How to Challenge an Eviction
Can You Appeal Against Eviction?
As can be expected, receiving a notice for eviction can be distressing for tenants, particularly if they were expecting to remain in the rental property for the foreseeable future. Of course this does little to help the effected tenants know where to turn when trying to remedy the situation; however, if they are wishing to challenge the eviction they must respond to the court within 14 days of receiving the court papers. When challenging the eviction proceedings the tenant will be expected to comprehensively detail their reasoning for doing so through the defence form provided alongside the section 21 notice of eviction.
The tenant facing the eviction proceeding will be required to detail not only their justification for challenging the section 21 notice, but how they are taking steps to address the situation, alongside any reasoning that demonstrates why they should be permitted to remain within the rental property.
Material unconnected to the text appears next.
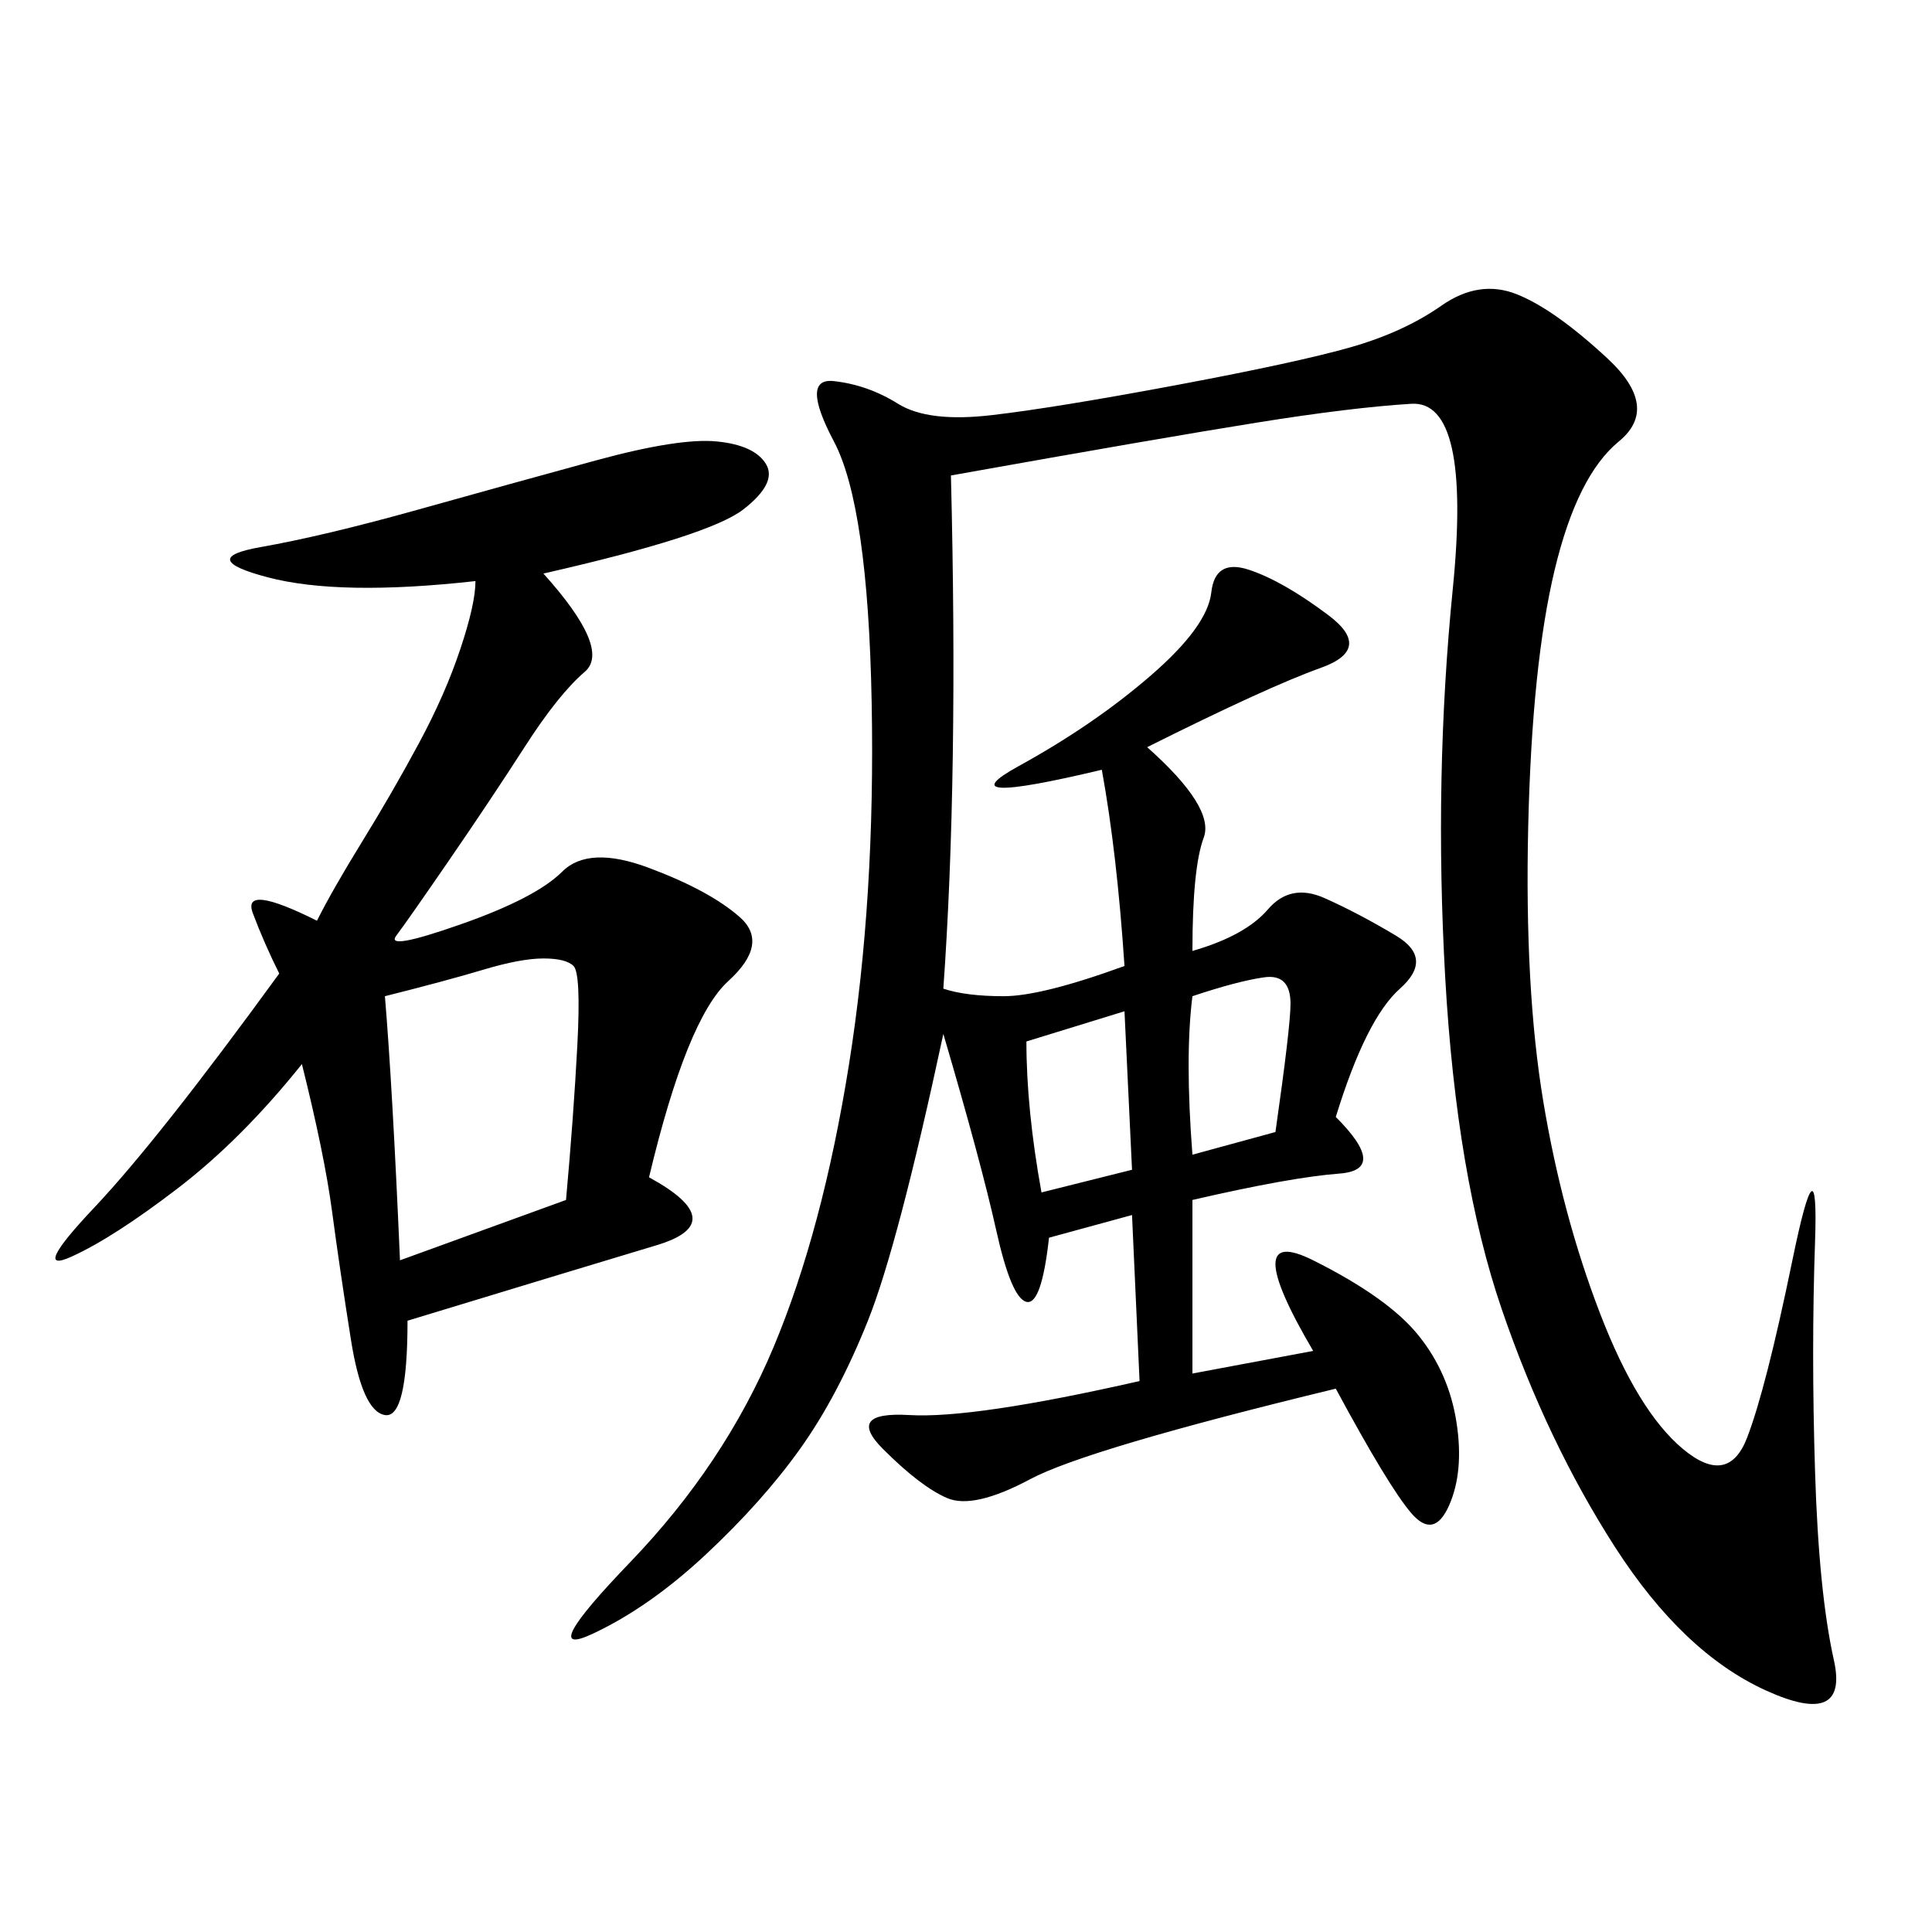 <svg xmlns="http://www.w3.org/2000/svg" xmlns:xlink="http://www.w3.org/1999/xlink" width="300" height="300"><path d="M147.66 73.83Q148.83 120.70 146.48 153.52L146.48 153.52Q150 154.69 155.86 154.69L155.86 154.69Q161.72 154.69 174.61 150L174.61 150Q173.44 132.42 171.09 119.53L171.09 119.53Q146.48 125.39 158.20 118.95Q169.92 112.50 178.71 104.88Q187.50 97.27 188.09 91.99Q188.67 86.72 193.95 88.48Q199.22 90.23 206.25 95.51Q213.28 100.78 205.08 103.71Q196.88 106.64 178.13 116.02L178.13 116.02Q188.67 125.39 186.91 130.08Q185.16 134.77 185.16 147.66L185.16 147.66Q193.36 145.31 196.88 141.21Q200.39 137.11 205.66 139.45Q210.94 141.80 216.80 145.31Q222.66 148.83 217.38 153.52Q212.11 158.20 207.42 173.44L207.42 173.44Q215.63 181.64 208.01 182.23Q200.39 182.81 185.16 186.33L185.16 186.33L185.16 213.28L203.91 209.77Q192.19 189.84 203.91 195.70Q215.63 201.56 220.31 207.42Q225 213.28 226.17 220.90Q227.34 228.52 225 233.79Q222.66 239.06 219.14 234.96Q215.63 230.86 207.42 215.63L207.42 215.63Q168.75 225 159.96 229.69Q151.17 234.38 147.07 232.62Q142.97 230.86 137.11 225Q131.25 219.14 141.21 219.73Q151.17 220.31 176.95 214.45L176.95 214.45L175.78 188.67L162.89 192.19Q161.72 202.73 159.38 202.15Q157.03 201.56 154.69 191.02Q152.34 180.47 146.48 160.55L146.48 160.55Q139.45 193.36 134.77 205.08Q130.08 216.80 124.22 225Q118.36 233.20 109.57 241.41Q100.78 249.61 91.99 253.71Q83.20 257.81 97.85 242.58Q112.50 227.34 120.12 209.18Q127.73 191.02 131.84 165.23Q135.94 139.45 135.35 108.98Q134.77 78.52 129.49 68.55Q124.22 58.59 129.49 59.18Q134.77 59.77 139.45 62.70Q144.14 65.63 154.10 64.45Q164.06 63.28 182.81 59.77Q201.56 56.25 209.77 53.91Q217.97 51.56 223.83 47.46Q229.69 43.36 235.55 45.70Q241.41 48.05 249.61 55.66Q257.81 63.28 251.37 68.55Q244.92 73.83 241.41 88.48Q237.89 103.13 237.30 128.32Q236.72 153.52 239.65 171.09Q242.58 188.67 248.44 203.91Q254.30 219.14 261.33 225Q268.36 230.86 271.29 223.24Q274.22 215.63 278.32 195.70Q282.42 175.78 281.84 192.77Q281.25 209.77 281.84 228.52Q282.42 247.27 284.77 257.81Q287.11 268.36 274.22 262.50Q261.33 256.64 250.78 240.23Q240.23 223.83 233.20 203.32Q226.17 182.81 224.41 151.76Q222.66 120.70 225.59 91.41Q228.52 62.11 219.14 62.70Q209.77 63.28 195.12 65.63Q180.47 67.97 147.66 73.83L147.66 73.83ZM84.38 89.06Q94.92 100.78 90.82 104.30Q86.72 107.81 81.45 116.02Q76.17 124.22 69.73 133.59Q63.28 142.97 61.52 145.31Q59.77 147.66 71.48 143.55Q83.20 139.45 87.30 135.35Q91.41 131.25 100.78 134.77Q110.16 138.28 114.84 142.38Q119.53 146.48 113.09 152.34Q106.64 158.20 100.78 182.81L100.78 182.81Q113.67 189.84 101.95 193.36Q90.23 196.88 63.28 205.08L63.28 205.08Q63.28 220.31 59.77 219.73Q56.25 219.14 54.49 208.01Q52.73 196.88 51.56 188.09Q50.39 179.30 46.88 165.23L46.88 165.23Q37.50 176.95 27.54 184.57Q17.58 192.19 11.13 195.12Q4.69 198.05 14.65 187.50Q24.61 176.95 43.36 151.17L43.36 151.17Q41.02 146.48 39.26 141.80Q37.50 137.11 49.22 142.97L49.22 142.97Q51.56 138.28 56.25 130.66Q60.94 123.05 65.04 115.43Q69.14 107.81 71.48 100.78Q73.83 93.75 73.83 90.23L73.83 90.23Q52.73 92.58 41.60 89.65Q30.47 86.72 40.43 84.96Q50.39 83.20 65.04 79.10Q79.69 75 92.58 71.48Q105.47 67.97 111.33 68.55Q117.19 69.14 118.95 72.07Q120.70 75 115.43 79.10Q110.16 83.20 84.38 89.06L84.38 89.06ZM59.77 154.69Q60.94 168.75 62.11 195.70L62.11 195.70L87.89 186.33Q89.06 173.44 89.65 162.30Q90.23 151.17 89.06 150Q87.89 148.83 84.38 148.83L84.38 148.83Q80.86 148.83 75 150.59Q69.14 152.34 59.77 154.69L59.77 154.69ZM159.38 161.72Q159.38 172.27 161.72 185.16L161.72 185.16L175.78 181.64L174.61 157.03L159.38 161.72ZM185.16 154.69Q183.98 164.06 185.16 179.30L185.16 179.30L198.05 175.78Q200.39 159.38 200.39 155.86L200.39 155.86Q200.39 151.17 196.29 151.76Q192.19 152.34 185.16 154.69L185.16 154.69Z"/></svg>

Because of the nature of a section 21 notice, a landlord will be obligated to detail the specific “grounds” on which the residents of the rental property have breached the specific terms established within the tenancy agreement. With this in mind the tenant should address each of these grounds within their response to the eviction notice. The landlord’s justification for filling the notice will be thoroughly detailed in the court papers that come alongside the eviction notice. It is essential that the tenant scrutinises these papers, ensuring that all of the evidence submitted by the landlord demonstrates the correct representation of events, whilst being absent of any misleading information. Any errors made by the landlord within these court papers will once again work in the tenants favour and should be corrected in the tenant’s response when challenging the eviction.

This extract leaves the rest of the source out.